To evaluate the effectiveness of the Q-learning-based adaptive operator selection strategy, two variants were developed. QEA-RND randomly selects neighborhood search operators without any learning guidance, serving as a baseline for non-adaptive operator scheduling. QEA-SR employs a deterministic strategy based on the historical success rate of each operator, defined as the frequency with which an operator improves the best solution in the current population.
In addition, QEA-wo-IC refers to the version in which the proposed insertion crossover operator is omitted, and QEA-wo-NS disables all neighborhood search operations. These ablation variants were designed to investigate the role of each operator class in driving search quality, convergence speed, and solution diversity.
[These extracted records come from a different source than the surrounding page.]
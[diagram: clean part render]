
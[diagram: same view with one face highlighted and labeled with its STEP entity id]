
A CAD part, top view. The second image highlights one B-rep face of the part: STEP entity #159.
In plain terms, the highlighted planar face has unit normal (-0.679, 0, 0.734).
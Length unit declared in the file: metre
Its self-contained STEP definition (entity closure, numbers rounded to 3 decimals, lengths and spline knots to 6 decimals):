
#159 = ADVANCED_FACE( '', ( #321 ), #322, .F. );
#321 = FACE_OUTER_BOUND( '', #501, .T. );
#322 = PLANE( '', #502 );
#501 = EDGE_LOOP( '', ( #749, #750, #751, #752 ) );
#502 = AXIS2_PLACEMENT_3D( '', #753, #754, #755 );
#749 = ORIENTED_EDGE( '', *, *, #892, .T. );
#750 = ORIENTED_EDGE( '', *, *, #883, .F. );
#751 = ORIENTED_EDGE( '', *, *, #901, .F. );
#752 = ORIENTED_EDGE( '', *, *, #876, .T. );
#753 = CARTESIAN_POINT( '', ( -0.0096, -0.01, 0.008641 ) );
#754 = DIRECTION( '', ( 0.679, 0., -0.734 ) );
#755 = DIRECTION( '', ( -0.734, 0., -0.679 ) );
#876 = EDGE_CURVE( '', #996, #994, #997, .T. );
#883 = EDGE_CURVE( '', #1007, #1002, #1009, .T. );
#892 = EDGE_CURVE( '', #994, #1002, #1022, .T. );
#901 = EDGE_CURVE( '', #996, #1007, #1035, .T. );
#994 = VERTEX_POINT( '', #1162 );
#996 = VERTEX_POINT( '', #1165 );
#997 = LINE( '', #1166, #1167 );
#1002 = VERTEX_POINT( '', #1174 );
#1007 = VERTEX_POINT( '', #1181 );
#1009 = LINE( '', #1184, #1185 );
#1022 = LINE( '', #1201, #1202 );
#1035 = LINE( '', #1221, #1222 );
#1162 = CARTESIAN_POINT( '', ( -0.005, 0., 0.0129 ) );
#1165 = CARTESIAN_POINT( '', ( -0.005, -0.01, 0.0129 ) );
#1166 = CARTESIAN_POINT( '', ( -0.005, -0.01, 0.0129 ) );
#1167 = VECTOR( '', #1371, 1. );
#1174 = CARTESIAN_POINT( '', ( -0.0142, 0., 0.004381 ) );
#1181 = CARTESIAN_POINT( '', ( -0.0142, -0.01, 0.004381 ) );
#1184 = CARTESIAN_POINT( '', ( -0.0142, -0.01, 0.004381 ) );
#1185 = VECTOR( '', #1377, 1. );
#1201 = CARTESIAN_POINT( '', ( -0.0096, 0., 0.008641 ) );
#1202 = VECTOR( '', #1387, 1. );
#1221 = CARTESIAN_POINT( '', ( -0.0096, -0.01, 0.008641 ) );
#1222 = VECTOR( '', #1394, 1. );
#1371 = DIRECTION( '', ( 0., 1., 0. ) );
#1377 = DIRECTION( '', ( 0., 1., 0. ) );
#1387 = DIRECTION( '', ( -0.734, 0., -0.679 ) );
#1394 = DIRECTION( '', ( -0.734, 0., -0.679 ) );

To ensure a fair comparison, all QEA variants share the same parameter configuration and initialization strategy as the original QEA, as described in
Section 4.2.
Table 6 summarizes the comparative performance of the QEA and its four variants across all benchmark instances. The Wilcoxon signed-rank test, conducted at a significance level of
α = 0.05, reveals that the QEA significantly outperforms QEA-RND, QEA-SR, QEA-wo-IC, and QEA-wo-NS on 14, 12, 16, and 16 problem instances. In all test cases, the QEA demonstrates a superior or equal performance compared to its simplified counterparts.
These results clearly validate the necessity and effectiveness of each component integrated into the QEA. The adaptive operator selection mechanism enabled by Q-learning contributes to smarter decision-making during the search, while the insertion crossover and neighborhood search modules collectively enhance the algorithm’s ability to explore the solution space and refine high-quality routes. The consistent advantage over all variants confirms that the synergy among these components is critical to achieving a high performance and robustness when solving the Capacitated Vehicle Routing Problem.
5. Conclusions
This paper proposes a Q-learning-assisted evolutionary algorithm to solve the CVRP, called the QEA. Firstly, the QEA integrates a reinforcement learning mechanism into the evolutionary framework to adaptively schedule search operators according to the fitness of individuals, effectively overcoming the limitations of fixed operator strategies. Secondly, a novel insertion crossover operator is developed, which recombines complete route segments instead of individual nodes, thereby preserving feasible route structures and enhancing population diversity. Thirdly, the QEA designs three neighborhood search operators that target global exploration, convergence acceleration, and local refinement, respectively. These operators dynamically adjust their behaviors based on individual fitness to improve search efficiency. The experimental results show that the QEA achieves a competitive performance on standard CVRP benchmark instances and performs particularly well on small- and medium-scale problems.
Despite its promising performance, the proposed approach also has certain limitations. Specifically, the QEA shows a relatively slower convergence on large-scale and highly complex instances, indicating a limited search depth under certain configurations. Furthermore, the current Q-learning design relies on relatively simple state features, which may restrict the learning granularity. To address these issues, future work will explore more expressive representations of the state space and integrate deep reinforcement learning techniques to enable better generalization and scalability. We also plan to extend the QEA to handle multi-objective and dynamic variants of the CVRP, and we will investigate its applicability to other combinatorial optimization problems.